En lo que a educación respecta el ajuste ha recaído en forma brutal sobre los parajes. Decisiones tomadas desde los despachos ministeriales que no contemplan el futuro de los niños del interior rionegrino.

El programa de control de la hidatidosis por razones meramente económicas no se hace más o se hace a los ponchazos, como casi todo en esta bendita provincia.

No hay una política uniforme en el control de plagas. Y el Ente para el Desarrollo de la Línea y Región Sur (en cuyo territorio están asentados la mayoría de los parajes) está paralizado con fuertes problemas internos, denuncias por maltrato, gastos burocráticos por afuera del Directorio y prácticamente desentendidos de la problemática de toda la zona.

Estas cosas sinceramente no parecieran importarles mucho a los actuales funcionarios. Están en otra: en sus mega sueldos, con el nepotismo de los cargos para parientes y amigos, con sus privilegios de casas alquiladas que paga el estado, con sus viajes en avión o en cómodos vehículos de alta gama.

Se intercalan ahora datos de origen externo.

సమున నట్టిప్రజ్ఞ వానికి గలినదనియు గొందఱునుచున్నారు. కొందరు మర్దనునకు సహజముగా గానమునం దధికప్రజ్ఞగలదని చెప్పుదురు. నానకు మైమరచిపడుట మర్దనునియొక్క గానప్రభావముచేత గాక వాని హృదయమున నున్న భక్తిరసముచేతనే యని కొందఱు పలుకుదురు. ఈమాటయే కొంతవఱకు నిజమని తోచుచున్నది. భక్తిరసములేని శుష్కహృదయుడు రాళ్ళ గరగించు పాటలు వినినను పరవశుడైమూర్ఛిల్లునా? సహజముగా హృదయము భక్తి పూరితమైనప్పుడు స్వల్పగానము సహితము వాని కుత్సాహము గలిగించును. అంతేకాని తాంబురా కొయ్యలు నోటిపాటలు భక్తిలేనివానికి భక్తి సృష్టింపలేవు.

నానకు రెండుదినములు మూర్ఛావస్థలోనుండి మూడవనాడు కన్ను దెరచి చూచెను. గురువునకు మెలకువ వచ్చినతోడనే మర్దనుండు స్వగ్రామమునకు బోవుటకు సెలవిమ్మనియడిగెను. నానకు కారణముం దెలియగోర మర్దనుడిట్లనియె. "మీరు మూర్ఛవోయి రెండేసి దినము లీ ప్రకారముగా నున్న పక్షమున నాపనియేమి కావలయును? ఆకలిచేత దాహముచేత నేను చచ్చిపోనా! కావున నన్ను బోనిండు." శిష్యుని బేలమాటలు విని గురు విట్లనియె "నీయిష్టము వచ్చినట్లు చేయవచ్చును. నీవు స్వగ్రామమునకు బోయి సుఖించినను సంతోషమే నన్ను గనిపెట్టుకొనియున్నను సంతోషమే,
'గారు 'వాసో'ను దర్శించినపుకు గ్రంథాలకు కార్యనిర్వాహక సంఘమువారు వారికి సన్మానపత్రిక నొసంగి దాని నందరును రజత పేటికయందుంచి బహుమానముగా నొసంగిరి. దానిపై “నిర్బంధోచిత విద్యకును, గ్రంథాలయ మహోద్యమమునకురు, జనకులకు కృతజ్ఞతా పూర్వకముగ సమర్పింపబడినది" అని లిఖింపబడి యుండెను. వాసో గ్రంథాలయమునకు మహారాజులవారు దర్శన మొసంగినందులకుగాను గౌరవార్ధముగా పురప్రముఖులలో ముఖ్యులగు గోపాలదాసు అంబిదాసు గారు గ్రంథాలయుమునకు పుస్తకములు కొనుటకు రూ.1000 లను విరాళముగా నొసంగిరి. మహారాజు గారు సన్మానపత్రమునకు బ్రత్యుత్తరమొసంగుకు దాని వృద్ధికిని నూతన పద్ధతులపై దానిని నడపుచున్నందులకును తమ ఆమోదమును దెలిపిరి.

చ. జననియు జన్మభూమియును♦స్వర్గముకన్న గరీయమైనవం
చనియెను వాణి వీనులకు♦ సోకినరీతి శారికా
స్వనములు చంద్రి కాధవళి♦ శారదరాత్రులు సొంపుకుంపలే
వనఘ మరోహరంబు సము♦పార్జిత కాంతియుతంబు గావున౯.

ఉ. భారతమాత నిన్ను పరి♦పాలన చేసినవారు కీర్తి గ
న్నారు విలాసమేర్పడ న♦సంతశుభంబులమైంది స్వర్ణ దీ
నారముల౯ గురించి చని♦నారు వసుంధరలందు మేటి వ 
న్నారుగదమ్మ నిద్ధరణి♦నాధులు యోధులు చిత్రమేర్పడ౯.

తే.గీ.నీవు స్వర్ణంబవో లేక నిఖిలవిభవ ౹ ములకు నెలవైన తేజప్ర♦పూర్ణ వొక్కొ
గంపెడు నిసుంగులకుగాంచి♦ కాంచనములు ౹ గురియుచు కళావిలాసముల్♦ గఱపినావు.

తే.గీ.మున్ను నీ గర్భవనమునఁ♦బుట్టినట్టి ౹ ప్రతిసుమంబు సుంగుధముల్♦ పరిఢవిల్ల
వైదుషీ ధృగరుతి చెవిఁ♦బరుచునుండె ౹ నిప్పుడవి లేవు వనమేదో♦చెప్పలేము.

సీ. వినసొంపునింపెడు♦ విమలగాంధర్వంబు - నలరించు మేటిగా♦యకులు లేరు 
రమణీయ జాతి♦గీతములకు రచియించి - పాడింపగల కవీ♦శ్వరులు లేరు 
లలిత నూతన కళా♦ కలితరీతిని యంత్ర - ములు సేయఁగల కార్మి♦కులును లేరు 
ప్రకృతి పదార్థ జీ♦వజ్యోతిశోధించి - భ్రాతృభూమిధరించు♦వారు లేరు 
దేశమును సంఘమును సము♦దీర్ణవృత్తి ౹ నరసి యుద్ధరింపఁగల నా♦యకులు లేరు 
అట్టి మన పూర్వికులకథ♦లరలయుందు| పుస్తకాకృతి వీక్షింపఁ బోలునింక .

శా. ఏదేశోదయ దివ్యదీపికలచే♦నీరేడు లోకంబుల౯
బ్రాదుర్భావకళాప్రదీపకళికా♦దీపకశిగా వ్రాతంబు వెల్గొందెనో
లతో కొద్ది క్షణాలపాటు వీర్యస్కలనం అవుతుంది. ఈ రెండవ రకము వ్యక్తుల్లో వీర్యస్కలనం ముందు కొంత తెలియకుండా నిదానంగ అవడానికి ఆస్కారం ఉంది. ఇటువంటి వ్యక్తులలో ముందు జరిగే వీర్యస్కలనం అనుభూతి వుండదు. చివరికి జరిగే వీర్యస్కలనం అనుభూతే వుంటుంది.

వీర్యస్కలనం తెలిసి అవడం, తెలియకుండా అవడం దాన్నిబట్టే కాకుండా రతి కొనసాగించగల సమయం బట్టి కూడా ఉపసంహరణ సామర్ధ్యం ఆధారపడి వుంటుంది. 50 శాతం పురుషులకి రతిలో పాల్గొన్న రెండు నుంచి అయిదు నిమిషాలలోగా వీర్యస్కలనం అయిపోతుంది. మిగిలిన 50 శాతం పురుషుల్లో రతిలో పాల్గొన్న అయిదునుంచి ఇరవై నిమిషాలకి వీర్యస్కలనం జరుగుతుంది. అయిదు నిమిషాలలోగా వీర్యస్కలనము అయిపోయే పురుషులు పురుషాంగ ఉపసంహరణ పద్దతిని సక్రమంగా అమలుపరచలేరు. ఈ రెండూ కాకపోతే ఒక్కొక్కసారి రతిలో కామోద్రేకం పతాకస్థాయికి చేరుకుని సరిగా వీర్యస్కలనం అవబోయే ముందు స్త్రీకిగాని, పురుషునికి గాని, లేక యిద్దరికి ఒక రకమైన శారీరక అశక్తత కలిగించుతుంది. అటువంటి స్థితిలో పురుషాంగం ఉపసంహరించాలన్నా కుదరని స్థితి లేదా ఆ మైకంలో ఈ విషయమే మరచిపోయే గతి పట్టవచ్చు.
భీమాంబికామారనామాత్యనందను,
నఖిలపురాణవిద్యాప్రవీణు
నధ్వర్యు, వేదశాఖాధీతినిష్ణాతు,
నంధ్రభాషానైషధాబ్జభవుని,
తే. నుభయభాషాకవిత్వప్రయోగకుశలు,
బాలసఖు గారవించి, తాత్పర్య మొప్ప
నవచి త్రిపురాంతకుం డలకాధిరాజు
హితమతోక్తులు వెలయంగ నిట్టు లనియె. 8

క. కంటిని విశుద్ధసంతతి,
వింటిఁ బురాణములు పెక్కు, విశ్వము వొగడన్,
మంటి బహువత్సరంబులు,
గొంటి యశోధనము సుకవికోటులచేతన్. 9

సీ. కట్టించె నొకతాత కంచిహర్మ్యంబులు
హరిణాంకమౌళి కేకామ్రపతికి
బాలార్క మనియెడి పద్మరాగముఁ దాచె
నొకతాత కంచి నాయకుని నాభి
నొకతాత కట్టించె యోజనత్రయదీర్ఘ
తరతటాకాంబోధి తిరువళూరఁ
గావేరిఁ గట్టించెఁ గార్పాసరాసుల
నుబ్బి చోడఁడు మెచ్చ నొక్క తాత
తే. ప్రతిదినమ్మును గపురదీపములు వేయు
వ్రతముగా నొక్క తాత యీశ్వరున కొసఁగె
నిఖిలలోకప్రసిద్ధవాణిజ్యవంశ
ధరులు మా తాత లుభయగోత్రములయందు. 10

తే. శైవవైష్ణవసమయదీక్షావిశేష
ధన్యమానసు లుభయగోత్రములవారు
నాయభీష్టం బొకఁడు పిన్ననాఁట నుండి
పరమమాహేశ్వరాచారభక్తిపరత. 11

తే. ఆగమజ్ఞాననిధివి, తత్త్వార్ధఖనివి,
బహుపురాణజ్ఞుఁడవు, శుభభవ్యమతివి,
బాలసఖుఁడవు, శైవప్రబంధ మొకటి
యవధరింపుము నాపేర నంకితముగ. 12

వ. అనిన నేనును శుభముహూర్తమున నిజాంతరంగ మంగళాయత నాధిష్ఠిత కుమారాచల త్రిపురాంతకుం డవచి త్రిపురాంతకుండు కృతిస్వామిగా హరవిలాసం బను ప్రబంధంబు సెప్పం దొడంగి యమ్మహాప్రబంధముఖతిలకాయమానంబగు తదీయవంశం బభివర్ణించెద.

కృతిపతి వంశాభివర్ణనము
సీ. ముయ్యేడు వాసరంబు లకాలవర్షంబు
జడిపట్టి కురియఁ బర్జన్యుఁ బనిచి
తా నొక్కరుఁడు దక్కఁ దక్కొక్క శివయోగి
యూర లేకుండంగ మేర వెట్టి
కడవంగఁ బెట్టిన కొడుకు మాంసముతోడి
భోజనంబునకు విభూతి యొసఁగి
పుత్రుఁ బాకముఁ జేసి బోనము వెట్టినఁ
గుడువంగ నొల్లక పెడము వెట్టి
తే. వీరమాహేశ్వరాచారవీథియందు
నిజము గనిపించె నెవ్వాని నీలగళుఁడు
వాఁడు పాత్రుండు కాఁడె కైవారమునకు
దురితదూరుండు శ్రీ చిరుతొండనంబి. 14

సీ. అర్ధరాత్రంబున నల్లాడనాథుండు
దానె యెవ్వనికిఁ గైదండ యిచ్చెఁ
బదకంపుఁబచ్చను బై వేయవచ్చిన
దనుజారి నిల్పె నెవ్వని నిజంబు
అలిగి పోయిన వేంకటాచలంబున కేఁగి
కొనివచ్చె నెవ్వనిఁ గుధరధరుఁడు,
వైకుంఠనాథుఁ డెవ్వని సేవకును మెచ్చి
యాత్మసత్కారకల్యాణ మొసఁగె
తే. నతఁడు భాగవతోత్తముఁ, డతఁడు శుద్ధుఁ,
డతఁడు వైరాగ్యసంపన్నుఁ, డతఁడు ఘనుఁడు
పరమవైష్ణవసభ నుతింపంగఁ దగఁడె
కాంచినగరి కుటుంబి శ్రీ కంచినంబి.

No todos, porque generalizar es malo y también hay algunos que se comienzan a solidarizar con estas situaciones y a obrar en consecuencia.

Es lo que se espera de ellos; que no se olviden que están ejerciendo los cargos provinciales por el mandato de quienes los han votado y que esperaron de su gestión tiempos mejores.

Los hombres y mujeres que aún viven y trabajan en los parajes son dignos de todo encomio. Son la parte oculta de esa Argentina invisible que soñó Eduardo Mallea en alguno de sus libros.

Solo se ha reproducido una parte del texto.